While process mining is valued for its rapid deployment and efficiency in evaluations17, its effective integration with approaches such as DSEM and IML requires further investigation. Research should concentrate on how process mining can be successfully combined with traditional data-driven techniques to tackle the unique challenges of subjective and incomplete EMA data, with a particular focus on evaluating the reliability, accuracy, and potential benefits of this integrated approach. Thereby, it is important to consider that the origins of process mining lie in other domains, such as business process management, However, as demonstrated in this article, process mining can also be effectively applied to EMA data. To fully harness its potential in this context, its methodologies may need further refinement to capture the full value for the analysis of subjective EMA data.

In summary, process mining provides an additional perspective by analyzing mHealth data process dynamics. This method complements existing techniques and can offer clinicians new insights by uncovering sequential data patterns and process states, giving a detailed view of patient journeys and treatment effectiveness. It identifies bottlenecks and inefficiencies in treatment processes, and its ability to be rapidly deployed without extensive parameter tuning makes it valuable for real-time process optimization. Additionally, process mining offers the following advantages:

  1. 1.

    Holistic View of Patient Journeys: Process mining captures the entire treatment process, from initial consultation to follow-up, providing a comprehensive view of patient care pathways that traditional methods might miss.

  2. 2.

    Real-Time Process Monitoring and Optimization: Process mining can be applied in real time to monitor healthcare processes as they occur, allowing for immediate identification and correction of inefficiencies.

  3. 3.

    Powerful Filtering Capabilities: Process mining allows for in-depth data analysis through filtering by timeframe, performance, and trajectory, enabling deeper insights into specific aspects of patient care and treatment processes. This helps uncover detailed trends and patterns that can inform more targeted and effective interventions.

  4. 4.

    Adaptability to Individualized Care: The technique supports the development of personalized treatment strategies by identifying patterns and transitions specific to individual patients, enhancing the efficacy of interventions.

  5. 5.

    Complementary to Other Analytical Methods: When used alongside methods like DSEM and machine learning, process mining enriches the analysis by adding insights into the sequential and process-oriented aspects of health data.

  6. 6.

    Actionable Insights for Continuous Improvement: The ability to continuously monitor and analyze processes supports a culture of continuous improvement, helping healthcare organizations to anticipate and prevent problems before they impact patient care.

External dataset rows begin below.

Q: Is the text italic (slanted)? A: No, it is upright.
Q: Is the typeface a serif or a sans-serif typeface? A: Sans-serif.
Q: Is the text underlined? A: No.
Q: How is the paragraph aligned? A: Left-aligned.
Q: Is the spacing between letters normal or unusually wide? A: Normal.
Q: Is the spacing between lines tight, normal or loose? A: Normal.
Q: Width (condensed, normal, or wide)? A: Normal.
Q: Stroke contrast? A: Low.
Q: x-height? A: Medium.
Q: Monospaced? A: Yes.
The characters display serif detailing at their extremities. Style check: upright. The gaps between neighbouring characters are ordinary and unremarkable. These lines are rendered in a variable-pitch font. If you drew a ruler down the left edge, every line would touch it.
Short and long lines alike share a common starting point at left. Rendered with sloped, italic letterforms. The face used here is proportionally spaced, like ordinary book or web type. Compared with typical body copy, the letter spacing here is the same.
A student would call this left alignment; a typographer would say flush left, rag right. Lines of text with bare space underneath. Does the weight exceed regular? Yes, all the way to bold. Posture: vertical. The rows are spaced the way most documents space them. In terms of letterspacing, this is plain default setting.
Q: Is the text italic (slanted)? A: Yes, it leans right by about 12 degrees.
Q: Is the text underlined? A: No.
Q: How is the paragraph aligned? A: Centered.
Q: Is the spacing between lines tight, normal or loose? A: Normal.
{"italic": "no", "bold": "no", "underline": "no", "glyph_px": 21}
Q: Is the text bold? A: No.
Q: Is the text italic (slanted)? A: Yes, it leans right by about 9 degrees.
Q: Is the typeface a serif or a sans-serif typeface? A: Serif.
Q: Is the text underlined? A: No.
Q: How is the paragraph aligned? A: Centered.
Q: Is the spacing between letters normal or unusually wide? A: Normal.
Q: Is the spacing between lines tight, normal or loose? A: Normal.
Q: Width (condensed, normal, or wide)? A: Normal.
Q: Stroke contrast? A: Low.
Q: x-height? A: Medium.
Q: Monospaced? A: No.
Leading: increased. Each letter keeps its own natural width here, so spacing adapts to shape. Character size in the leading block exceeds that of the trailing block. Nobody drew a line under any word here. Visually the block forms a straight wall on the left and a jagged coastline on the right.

This perspective article demonstrated that process mining constitutes a candidate to complement existing data-driven techniques in the analysis of EMA data. Using TrackYourTinnitus as an example, we found differences in the average number of ratings with perceived tinnitus (26.55) and without tinnitus (6.51), as shown in Fig. 4a. Figure 4b illustrates the time differences in completing these assessments. Clinicians can use this data to evaluate if individuals match the averages or deviate, providing new insights. These findings can also be integrated as features in other data-driven techniques such as machine learning models. Overall, Figs. 3 and 4a, b highlight numerous transitions between perceived tinnitus (1) and unperceived tinnitus (0), offering a more detailed perspective. Whereas Figs. 5, 6, 7, and 8 illustrate the application of various analysis capabilities offered by process mining.

Process mining rapidly extracts insights from (large) datasets without extensive parameter adjustments or long processing times17. This capability offers new ways to gain insights, especially in the context of mHealth and broader health data. It provides an important additional approach to analyzing PROM and EMA data with direct clinical implications and utility.